Der Rat hat für das kommende Haushaltsjahr nach entsprechender Antragstellung durch die Fraktion der GAL einen Betrag in Höhe von 15 000 Euro zur Verbesserung der Infrastruktur zur Verfügung gestellt. Welche Maßnahmen stellen Sie sich vor?

Franke: Zunächst: Die 15 000 Euro sind eine Anteilsfinanzierung. Es stehen bis zu 80 Prozent Co-Finanzierung für derlei Infrastrukturmaßnahmen in Aussicht. Und dann haben wir ja auch noch Mittel im Haushalt stehen, die allgemeine Maßnahmen zur Radwegeverbesserung beinhalten – das sind 100 000 Euro. Man kann daraus auch deshalb einen hohen Effekt generieren, weil die Nutzer von Lastenrädern erfahrungsgemäß keine allzu hohen Ansprüche haben. Wichtig sind gute und sichere Abstellmöglichkeiten in Innenstadtnähe. Neben ausreichend Platz wären Überdachungen und eine Möglichkeit zum Abschließen an einen festen Gegenstand angebracht. All diese Maßnahmen sollten nach Möglichkeit in Kombination für E-Bikes erfolgen, muss doch die Infrastruktur auch in diesem Bereich dem zuletzt deutlichen Zuwachs Rechnung tragen. Das haben wir in unserem Antrag auch deutlich gefordert.

Bezieht sich der Antrag darüber hinaus explizit auch auf eine Verbesserung der Radwegeinfrastruktur?

Franke: In der Tat, denn wir müssen Verkehrswege neu denken. Deshalb freut es uns sehr, dass der Rat unseren Vorstoß einstimmig unterstützt hat. Wir müssen dafür nicht alle Radwege umbauen. Nutzer von Lastenrädern haben eine hohe Bereitschaft, Umwege zu fahren, wenn sie dafür Hindernisfreiheit haben. Perspektivisch müssen auch mehr Fahrradstraßen ausgewiesen werden. Dies gibt insbesondere Lastenradnutzern ein verbessertes Sicherheitsgefühl, zumal wenn diese Kinder transportieren.

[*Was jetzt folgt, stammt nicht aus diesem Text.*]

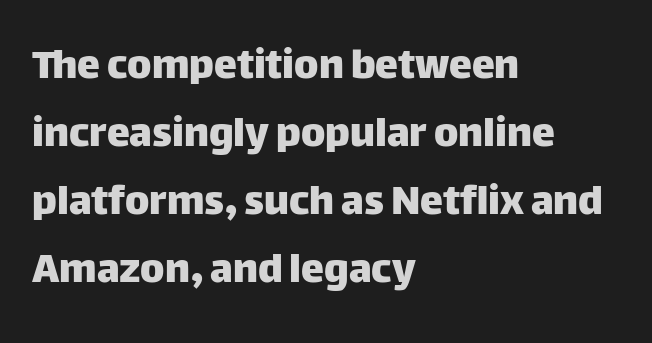
Reading down the block, your eye returns to a fixed left position each line. I'd call this a sans setting — the letters go barefoot. Is this a fixed-width face? No — the glyphs have proportional, varying widths. How are the letters spaced? Ordinarily, with no added tracking. A roman cut, with each character standing at attention. The leading is moderate, giving the passage an even texture.

Die Fraktion der Bündnisgrünen hatte zum Haushalt 2022 ebenfalls einen Antrag zum Thema Lastenräder gestellt, der sich auf die finanzielle Förderung einer Anschaffung derselben durch die Kommune bezog. Er wurde jedoch mehrheitlich abgelehnt. Aus Ihrer Sicht ein Fehler oder angesichts des nach wie vor gegebenen Sparzwanges eine nachvollziehbare Entscheidung?

Franke: Die Entscheidung der politischen Mehrheit, die übrigens sehr knapp war, war für mich überhaupt nicht nachvollziehbar. Sie war tatsächlich ein Fehler, denn beide Anträge hätten sich hervorragend in dem Sinne ergänzt, dass es ein echter Mehrwert entstanden wäre. Um es deutlich herauszustellen: Wir hatten unseren Antrag im Nachgang zu dem der Bündnisgrünen gestellt – eben genau mit dem Hintergrund, wenn schon eine Bezuschussung der Anschaffung kommt, dann macht es doch auch Sinn, die Infrastruktur entsprechend zu verbessern.

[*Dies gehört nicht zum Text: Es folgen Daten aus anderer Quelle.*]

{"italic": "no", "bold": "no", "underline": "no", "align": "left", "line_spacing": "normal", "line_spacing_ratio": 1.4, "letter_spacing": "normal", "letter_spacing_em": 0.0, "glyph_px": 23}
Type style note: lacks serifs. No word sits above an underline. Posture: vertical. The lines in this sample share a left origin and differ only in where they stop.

Der Topf zur Verbesserung der Radinfrastruktur ist gut gefüllt. Erwarten Sie nun kurzfristig Maßnahmenvorschläge von Seiten der Verwaltung?

Franke: Es gibt die Zusage von der Verwaltung, dass das Mobilitätskonzept im Laufe des kommenden Jahres fertiggestellt sein wird. Wir gehen davon aus, dass sich daraus unmittelbar erste Maßnahmen entwickeln lassen. Ich glaube, die Verwaltung hat verstanden, dass Handlungsbedarf besteht. Ich hatte in meiner Stellungnahme zum Haushalt deutlich gemacht, dass wir es nicht noch einmal durchgehen lassen werden, dass zweckgebundene Mittel wie im jetzt zu Ende gehenden Jahr einfach ungenutzt liegen bleiben.

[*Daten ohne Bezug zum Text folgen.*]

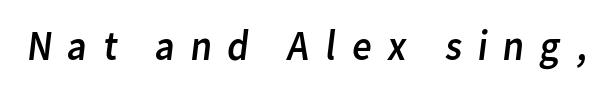
Q: Is the text bold? A: No.
Q: Is the typeface a serif or a sans-serif typeface? A: Sans-serif.
Q: Is the text underlined? A: No.
Q: Is the spacing between letters normal or unusually wide? A: Unusually wide.
Q: Width (condensed, normal, or wide)? A: Normal.
Q: Stroke contrast? A: Low.
Q: x-height? A: Medium.
Q: Monospaced? A: No.
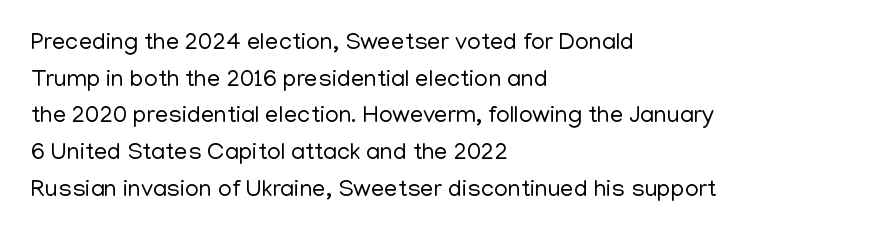
Q: Is the text bold? A: No.
Q: Is the text italic (slanted)? A: No, it is upright.
Q: Is the text underlined? A: No.
Q: How is the paragraph aligned? A: Left-aligned.
Q: Is the spacing between letters normal or unusually wide? A: Normal.
Q: Is the spacing between lines tight, normal or loose? A: Normal.
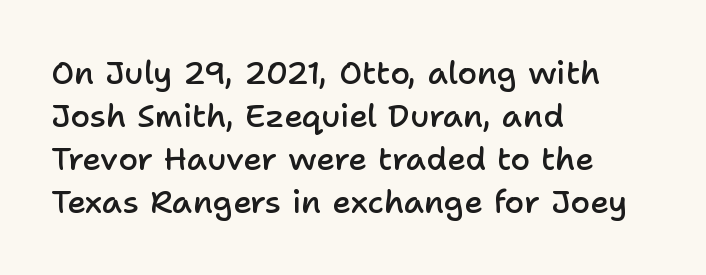
This sample uses an upright cut, with every glyph sitting square on the baseline. The face used here is proportionally spaced, like ordinary book or web type. These lines sit exactly where default settings would place them. Note: no serifs on the glyphs.

Für wen sind Lastenräder als Transportmittel geeignet? Gibt es Beispiele im persönlichen Umfeld?

Franke: Ich selbst fahre seit jetzt fünf Jahren ein Lastenfahrrad, aber auch in meinem Bekanntenkreis gibt es nicht wenige, die dieses nutzen. Zielgruppe sind insbesondere junge Familien mit Kindern. Der klassische Lastenradnutzer, das zeigen Studien, ist übrigens männlich und zwischen 25 und 44 Jahre alt.